Frigyes Karinthy : "Mon journal"
sur trois oiseaux
1
- Alors,
on y va ?
- Le temps est favorable…
- Alors – partons. Sous ma
responsabilité !
Les deux amis fidèles
s’étreignent. À eux deux ils ont trois yeux au total. Nous
les appelons : Coli et Nungesser. Au demeurant quelque chose de comique,
gentil, flotte autour d’eux. Coli et Nungesser. Zoro
et Huru[1]. Les experts se grattent la tête
et haussent les épaules quand il s’agit de leur avion. Un
drôle d’avion. Il est solide, personne ne dit le contraire, il
serait peut-être un peu trop compact s’ils veulent vraiment…

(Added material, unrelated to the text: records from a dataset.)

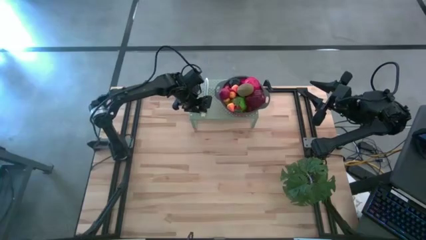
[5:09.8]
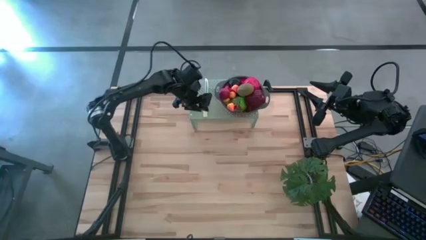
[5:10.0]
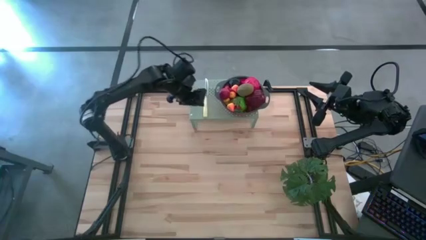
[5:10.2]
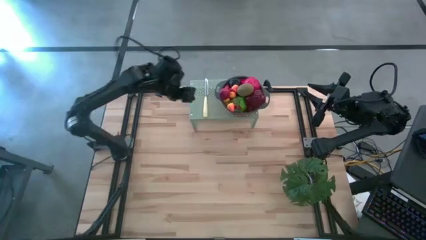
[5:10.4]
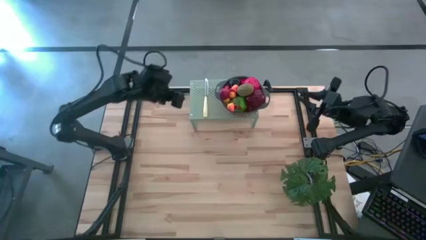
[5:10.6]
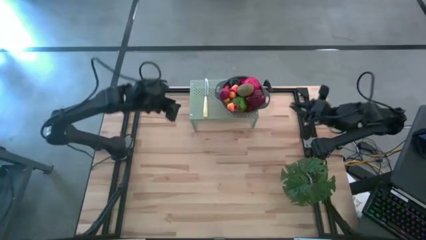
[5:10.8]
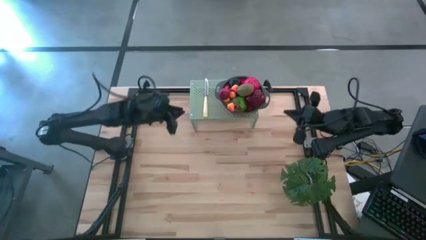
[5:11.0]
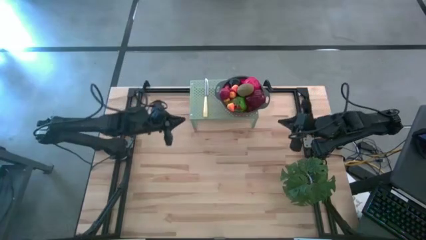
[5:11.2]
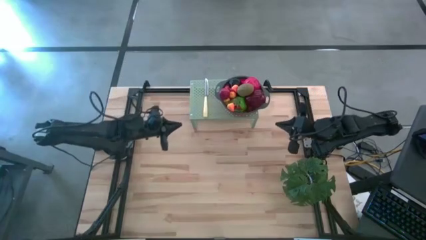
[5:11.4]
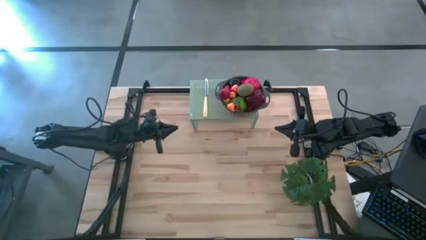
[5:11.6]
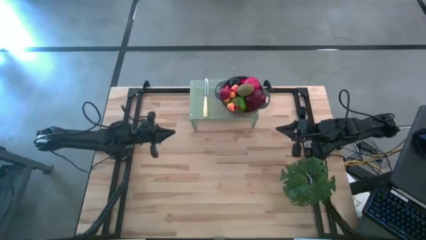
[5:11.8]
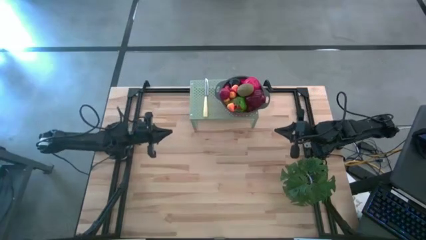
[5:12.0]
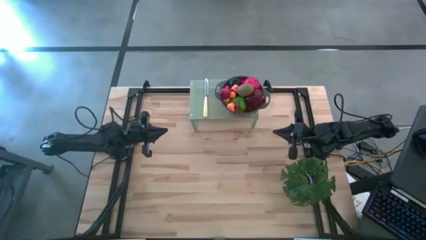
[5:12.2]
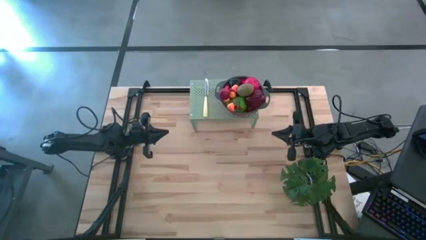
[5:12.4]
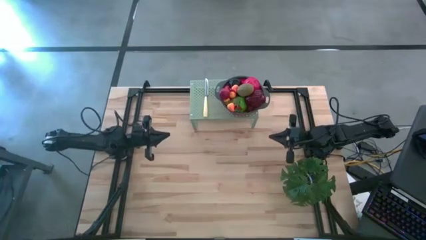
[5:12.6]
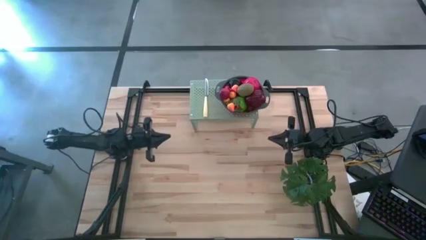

Heu, traverser… L’océan avec ça !... Ils l’appellent
l’Oiseau Blanc, on devrait plutôt l’appeler
l’Oiseau de Plomb. S’il touche l’eau, il pique du nez comme
une meule. Une drôle de machine. Il…
Comment le dire… Il a une forme joviale. Un vieux carrosse aérien
lourdingue, j’ai failli dire une diligence. Quand il démarre, tout
craque et tout grince – ses roues s’enfoncent profondément
dans le sable ; enfin il finit par se hisser en l’air en
vrombissant, en haletant… Mais ne dirait-on pas qu’il a
basculé ? Ça cahoterait en l’air ? Tant
pis ! Petit à petit il disparaît tout de même dans les
brumes de l’océan…
Et Paris attend, il observe bouche
bée… Un jour passe, un autre jour… Patience ! Quel
dommage qu’ils n’aient pas emporté de radio ! En fait,
qu’ont-ils emporté ? Les paris sont ouverts, il y en a qui
prétendent être au courant. Ils ont sûrement emporté
un gros morceau de fromage, et des fougasses cuites sous la cendre. Deux paires
de saucisses chaudes peut-être, qui sait ? Cinq boîtes
d’allumettes, trois mètres de lacets de chaussure, ces lacets
modernes se cassent si vite. Éventuellement deux jeux de cartes, un harmonica,
dans tous les cas le dernier numéro de La Vie Parisienne dans lequel de mignonnes petites Parisiennes
élégantes se montrent toutes nues – ce long voyage pourrait
être ennuyeux.
En effet, le voyage paraît bien
long. Ils ne se sont toujours pas manifestés, certains imbéciles
pessimistes, des boches antipatriotes, des socialistes sans Dieu, osent
croasser qu’ils ne reviendront peut-être jamais… Que la chose
était insuffisamment préparée, mal calculée…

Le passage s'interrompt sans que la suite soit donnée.